+++ Data to examine

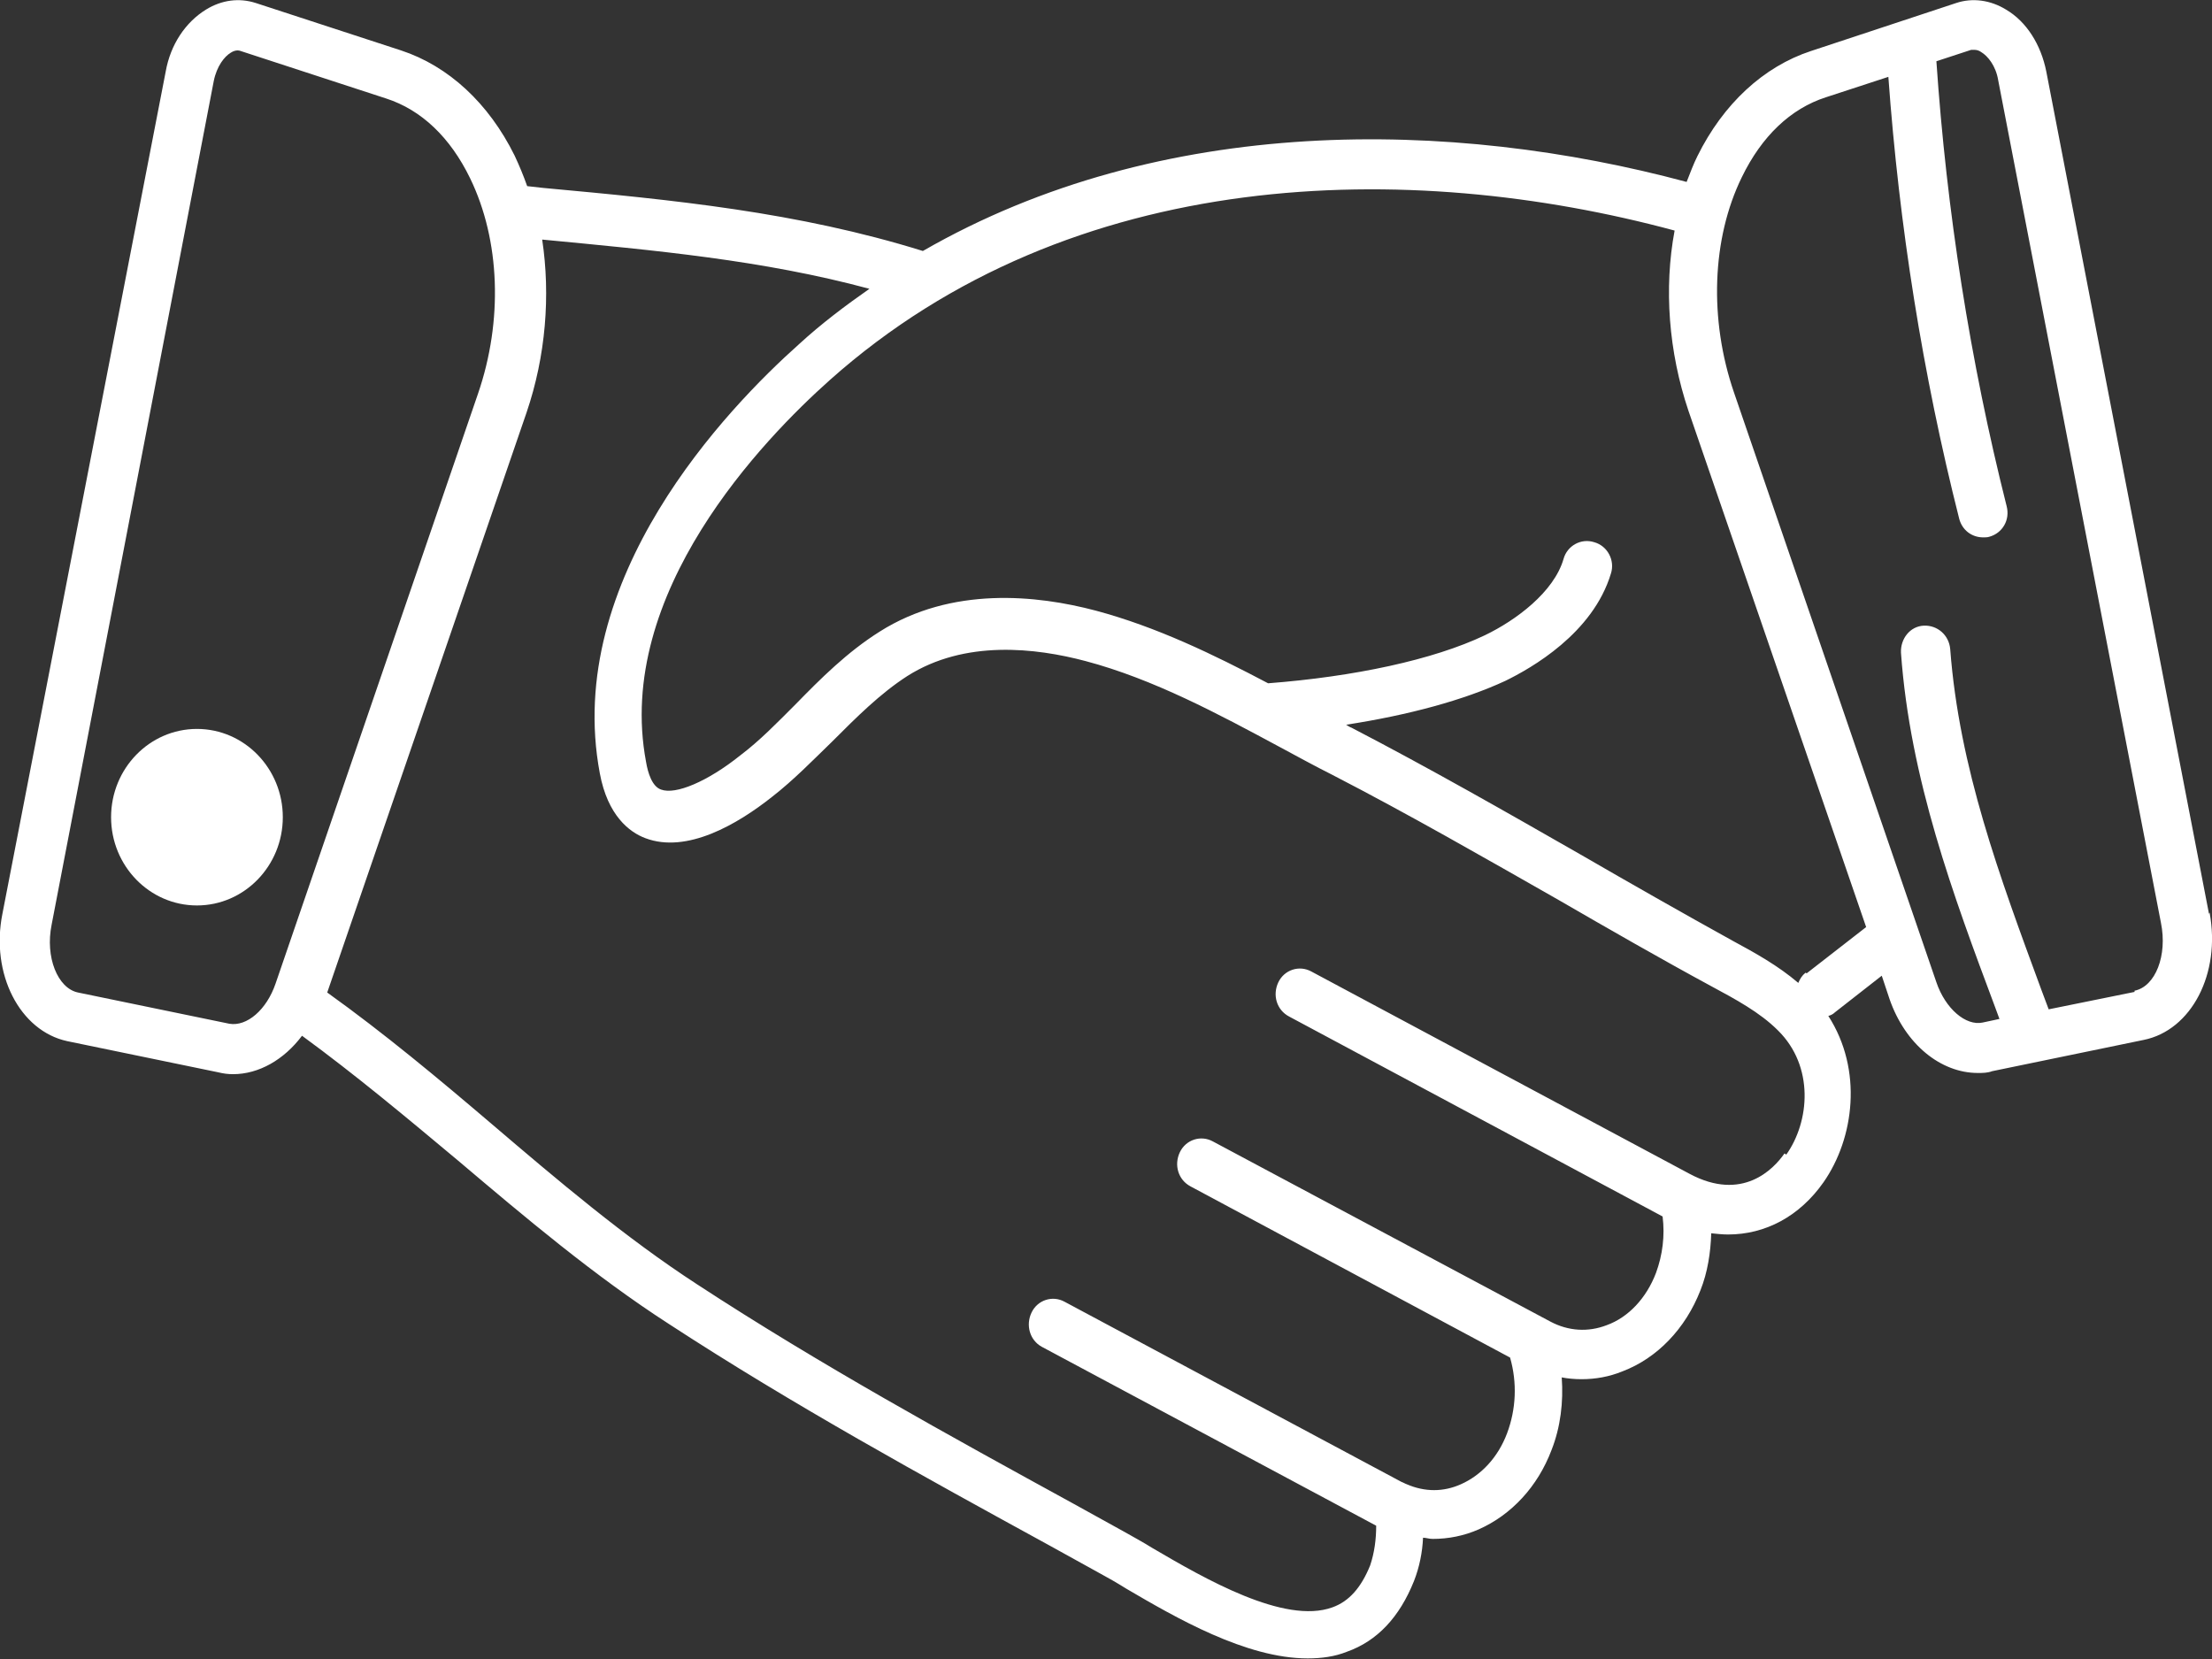 <?xml version="1.0" encoding="UTF-8"?>
<svg id="Calque_2" data-name="Calque 2" xmlns="http://www.w3.org/2000/svg" viewBox="0 0 36.84 27.63">
  <rect x="0" y="0" width="36.84" height="27.63" fill="#333333" stroke="none"/>
  <defs>
    <style>
      .cls-1 {
        fill: #fff;
      }
    </style>
  </defs>
  <g id="Calque_1-2" data-name="Calque 1">
    <g>
      <path class="cls-1" d="M36.79,15.22l-2.71-14.03c-.09-.45-.33-.83-.67-1.03-.26-.16-.56-.2-.83-.11l-2.42.8c-.79.26-1.46.88-1.89,1.75-.07.14-.12.28-.18.43-3.91-1.05-8.74-1.14-12.72,1.15-2.09-.65-4.15-.85-6.32-1.05l-.27-.03c-.06-.17-.13-.34-.21-.51-.43-.87-1.1-1.49-1.89-1.75L4.26.05c-.28-.09-.57-.05-.83.11-.34.21-.59.58-.67,1.03L.04,15.22c-.2,1,.29,1.95,1.08,2.12l2.52.52c.08.02.16.03.24.03.43,0,.85-.24,1.15-.64.89.65,1.75,1.37,2.6,2.08,1.11.94,2.27,1.92,3.51,2.72,2.07,1.35,4.24,2.54,6.34,3.69l.85.47c.13.07.27.15.43.25.82.48,1.99,1.16,3.02,1.16.23,0,.45-.03.65-.11.51-.18.88-.58,1.12-1.18.09-.23.14-.48.15-.72.05,0,.1.02.16.02.26,0,.52-.05.77-.16.54-.24.98-.71,1.21-1.32.15-.38.2-.8.17-1.21.1.02.22.03.33.03.23,0,.46-.04.68-.13.58-.22,1.05-.71,1.3-1.35.12-.3.17-.63.18-.95.1.01.19.02.28.02.62,0,1.19-.3,1.59-.87.51-.73.66-1.87.08-2.77.04-.01.08-.03.11-.06l.78-.61.13.39c.26.75.85,1.23,1.47,1.23.08,0,.16,0,.24-.03l2.52-.52c.8-.16,1.29-1.11,1.1-2.12ZM4.59,16.38c-.15.44-.48.72-.77.67l-2.52-.52c-.34-.07-.55-.59-.44-1.13L3.56,1.35c.05-.25.18-.41.28-.47.06-.04.12-.05.17-.03l2.42.79c.59.19,1.07.65,1.4,1.33.5,1.03.55,2.37.13,3.59l-3.37,9.82ZM29.72,19.21c-.18.26-.7.81-1.58.34l-6.3-3.37c-.2-.11-.45-.03-.55.18-.1.21-.03.46.18.57l6.22,3.33c.04.32,0,.64-.11.94-.16.42-.46.74-.82.87-.31.12-.64.1-.94-.06l-5.62-3c-.2-.11-.45-.03-.55.18-.1.21-.03.46.18.57l5.32,2.85c.12.42.1.86-.05,1.26-.15.4-.43.7-.77.85-.29.13-.6.13-.9,0-.03-.01-.06-.03-.09-.04l-5.61-3c-.2-.11-.45-.03-.55.18s-.03.46.17.57l5.57,2.98c0,.23-.03.45-.1.66-.15.37-.35.6-.63.7-.8.29-2.13-.48-3-.99-.16-.1-.31-.18-.45-.26l-.85-.47c-2.08-1.14-4.23-2.32-6.28-3.66-1.2-.78-2.33-1.74-3.42-2.67-.88-.75-1.79-1.51-2.74-2.19l3.32-9.66c.32-.94.4-1.95.26-2.88,1.88.18,3.67.34,5.45.82-.4.28-.8.58-1.17.92-1.2,1.07-3.93,3.91-3.32,7.15.13.7.49.98.76,1.08.69.26,1.53-.23,2.11-.69.36-.28.68-.61,1-.92.41-.41.8-.8,1.25-1.09.96-.61,2.14-.47,2.97-.25,1.13.3,2.21.88,3.25,1.44.28.15.57.31.85.45,1.28.66,2.55,1.39,3.78,2.09.83.48,1.7.98,2.55,1.44.39.21.8.43,1.1.73.61.6.53,1.52.14,2.07ZM30.07,16.2c-.06.05-.09.1-.12.17-.34-.29-.72-.5-1.09-.7-.85-.47-1.71-.96-2.54-1.44-1.24-.71-2.52-1.44-3.81-2.11-.03-.01-.06-.03-.09-.05,1.04-.16,1.96-.41,2.65-.73.43-.21,1.46-.79,1.76-1.79.07-.22-.06-.46-.28-.52-.22-.07-.45.06-.51.28-.16.55-.79,1.02-1.31,1.27-.86.41-2.18.69-3.61.8-.91-.48-1.86-.94-2.87-1.21-.98-.26-2.4-.41-3.6.35-.54.34-.98.78-1.4,1.21-.31.31-.59.6-.92.85-.55.44-1.08.66-1.32.57-.15-.05-.22-.28-.25-.46-.53-2.81,1.96-5.38,3.06-6.36,4.04-3.6,9.66-3.68,14.07-2.49-.18.96-.1,2.02.23,3l2.96,8.6-.99.77ZM35.55,16.52l-1.43.29-.12-.32c-.7-1.9-1.37-3.7-1.52-5.68-.02-.23-.21-.4-.44-.39s-.39.22-.38.45c.15,2.1.87,4.04,1.57,5.91l.07.19-.28.06c-.28.06-.62-.23-.77-.67l-3.37-9.82c-.42-1.22-.37-2.57.13-3.59.33-.68.81-1.14,1.4-1.33l1.04-.34c.18,2.48.57,4.95,1.18,7.36.05.19.21.31.4.31.03,0,.07,0,.1-.01.22-.06.35-.28.29-.51-.61-2.42-1-4.92-1.17-7.41l.58-.19s.03,0,.05,0c.04,0,.08.01.12.04.1.06.24.22.28.47l2.71,14.03c.11.54-.09,1.06-.44,1.13Z"/>
      <path class="cls-1" d="M3.28,12.14c-.79,0-1.43.66-1.43,1.47s.64,1.47,1.43,1.47,1.43-.66,1.43-1.47-.64-1.47-1.43-1.47Z"/>
    </g>
  </g>
</svg>

++++++

**What this task involves:**
Lines holding the word "Calque" should be copied from the entries above.

**Solution for this task:**
<svg id="Calque_2" data-name="Calque 2" xmlns="http://www.w3.org/2000/svg" viewBox="0 0 36.84 27.63">
  <g id="Calque_1-2" data-name="Calque 1">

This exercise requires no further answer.